Copyright (c) 2019 Dirk O. Kaar. All rights reserved.
This library is free software; you can redistribute it and/or
modify it under the terms of the GNU Lesser General Public
License as published by the Free Software Foundation; either
version 2.1 of the License, or (at your option) any later version.
This library is distributed in the hope that it will be useful,
but WITHOUT ANY WARRANTY; without even the implied warranty of
MERCHANTABILITY or FITNESS FOR A PARTICULAR PURPOSE. See the GNU
Lesser General Public License for more details.

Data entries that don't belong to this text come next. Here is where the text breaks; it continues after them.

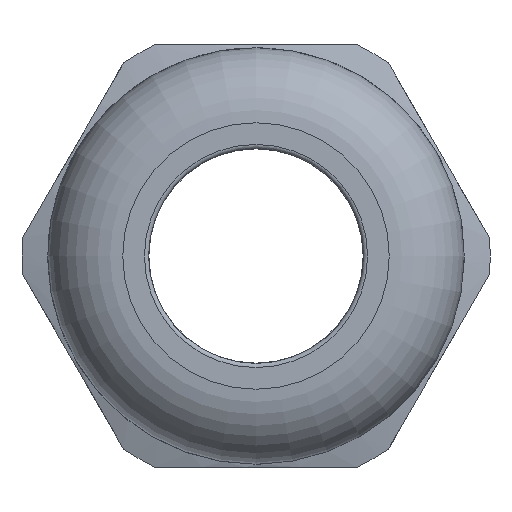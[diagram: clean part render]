
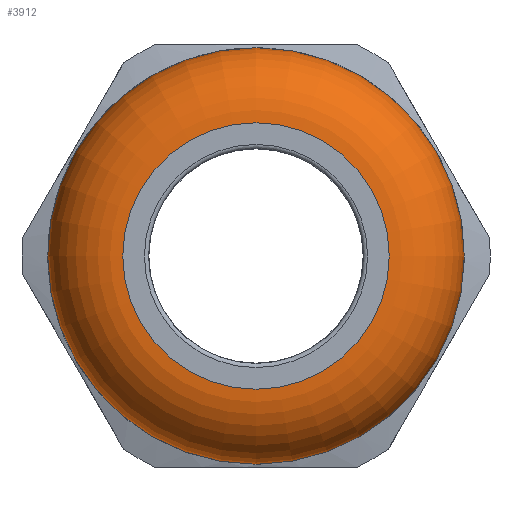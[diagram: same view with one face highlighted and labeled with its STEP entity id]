
A CAD part, left-side view. The second image highlights one B-rep face of the part: STEP entity #3912.
In plain terms, the highlighted toroidal (fillet/blend) face has major radius 6.31 mm and minor radius 3.55 mm.
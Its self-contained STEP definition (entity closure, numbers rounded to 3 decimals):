
#683=TOROIDAL_SURFACE('',#4232,6.31,3.55);
#716=FACE_BOUND('',#1079,.T.);
#836=FACE_OUTER_BOUND('',#1078,.T.);
#1078=EDGE_LOOP('',(#2712));
#1079=EDGE_LOOP('',(#2713));
#1322=CIRCLE('',#4200,6.31);
#1337=CIRCLE('',#4233,9.86);
#1632=VERTEX_POINT('',#6991);
#1659=VERTEX_POINT('',#7670);
#2028=EDGE_CURVE('',#1632,#1632,#1322,.T.);
#2069=EDGE_CURVE('',#1659,#1659,#1337,.T.);
#2712=ORIENTED_EDGE('',*,*,#2069,.F.);
#2713=ORIENTED_EDGE('',*,*,#2028,.T.);
#3912=ADVANCED_FACE('',(#836,#716),#683,.T.);
#4200=AXIS2_PLACEMENT_3D('',#6992,#4717,#4718);
#4232=AXIS2_PLACEMENT_3D('',#7669,#4793,#4794);
#4233=AXIS2_PLACEMENT_3D('',#7671,#4795,#4796);
#4717=DIRECTION('center_axis',(1.,0.,0.));
#4718=DIRECTION('ref_axis',(0.,0.,-1.));
#4793=DIRECTION('center_axis',(1.,0.,0.));
#4794=DIRECTION('ref_axis',(0.,0.,-1.));
#4795=DIRECTION('center_axis',(1.,0.,0.));
#4796=DIRECTION('ref_axis',(0.,0.,-1.));
#6991=CARTESIAN_POINT('',(-18.05,6.31,0.));
#6992=CARTESIAN_POINT('Origin',(-18.05,0.,0.));
#7669=CARTESIAN_POINT('Origin',(-14.5,0.,0.));
#7670=CARTESIAN_POINT('',(-14.5,9.86,0.));
#7671=CARTESIAN_POINT('Origin',(-14.5,0.,0.));

You should have received a copy of the GNU Lesser General Public
License along with this library; if not, write to the Free Software
Foundation, Inc., 51 Franklin St, Fifth Floor, Boston, MA 02110-1301 USA
*/
#ifndef __circular_queue_mp_h
#define __circular_queue_mp_h
#include "circular_queue.h"
#if defined(ESP8266)
#include <interrupts.h>
using esp8266::InterruptLock;
#endif
/*!
@brief Instance class for a multi-producer, single-consumer circular queue / ring buffer (FIFO).

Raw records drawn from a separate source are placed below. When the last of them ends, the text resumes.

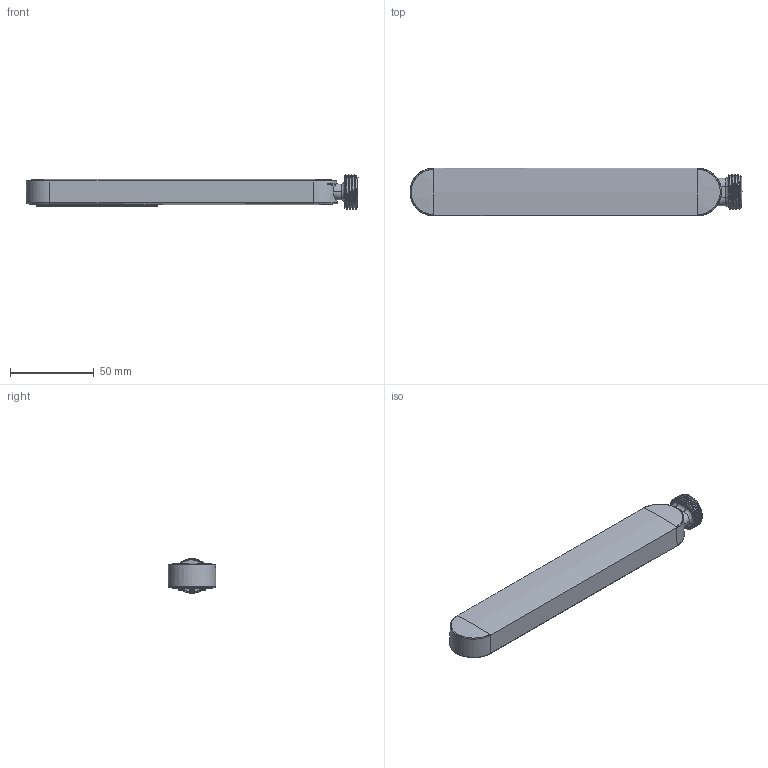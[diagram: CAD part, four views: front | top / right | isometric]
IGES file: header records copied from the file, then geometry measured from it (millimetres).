
Start section: C
Global section: file name: GL350-00.igs; native system: By Siemens PLM Incorporated; preprocessor: XPlus GENERIC/IGES 21.0.46; author: Author; organization: Title; date: 20210412.151141; units: millimetre
Bounding box: 197.73 x 28.47 x 20.6 mm (x, y, z)
Surface area: 30101.8 mm2 (no closed solid volume)
Topology: 0 solids, 0 shells, 1060 faces, 6052 edges, 6040 vertices
Faces by surface type: bspline 1060

This implementation is lock-free between producers and consumer for the available(), peek(),
pop(), and push() type functions.
*/
template< typename T, typename ForEachArg = void >
class circular_queue_mp : protected circular_queue<T, ForEachArg>
{
public:
circular_queue_mp() : circular_queue<T, ForEachArg>()
{
m_inPos_mp.store(0);
m_concurrent_mp.store(0);
}
circular_queue_mp(const size_t capacity) : circular_queue<T, ForEachArg>(capacity)
{
m_inPos_mp.store(0);
m_concurrent_mp.store(0);
}
circular_queue_mp(circular_queue_mp<T, ForEachArg>&& cq) : circular_queue<T, ForEachArg>(std::move(cq))
{
m_inPos_mp.store(cq.m_inPos_mp.load());
m_concurrent_mp.store(cq.m_concurrent_mp.load());
}
circular_queue_mp& operator=(circular_queue_mp&& cq)
{
circular_queue<T, ForEachArg>::operator=(std::move(cq));
m_inPos_mp.store(cq.m_inPos_mp.load());
m_concurrent_mp.store(cq.m_concurrent_mp.load());
}
circular_queue_mp& operator=(const circular_queue_mp&) = delete;
using circular_queue<T, ForEachArg>::capacity;
using circular_queue<T, ForEachArg>::flush;
using circular_queue<T, ForEachArg>::peek;
using circular_queue<T, ForEachArg>::pop;
using circular_queue<T, ForEachArg>::pop_n;
using circular_queue<T, ForEachArg>::for_each;
using circular_queue<T, ForEachArg>::for_each_rev_requeue;
T& pushpeek() = delete;
bool push() = delete;
inline size_t IRAM_ATTR available() const ALWAYS_INLINE_ATTR
{
return circular_queue<T, ForEachArg>::available();
}
inline size_t IRAM_ATTR available_for_push() const ALWAYS_INLINE_ATTR
{
return circular_queue<T, ForEachArg>::available_for_push();
}
/*!
@brief Resize the queue. The available elements in the queue are preserved.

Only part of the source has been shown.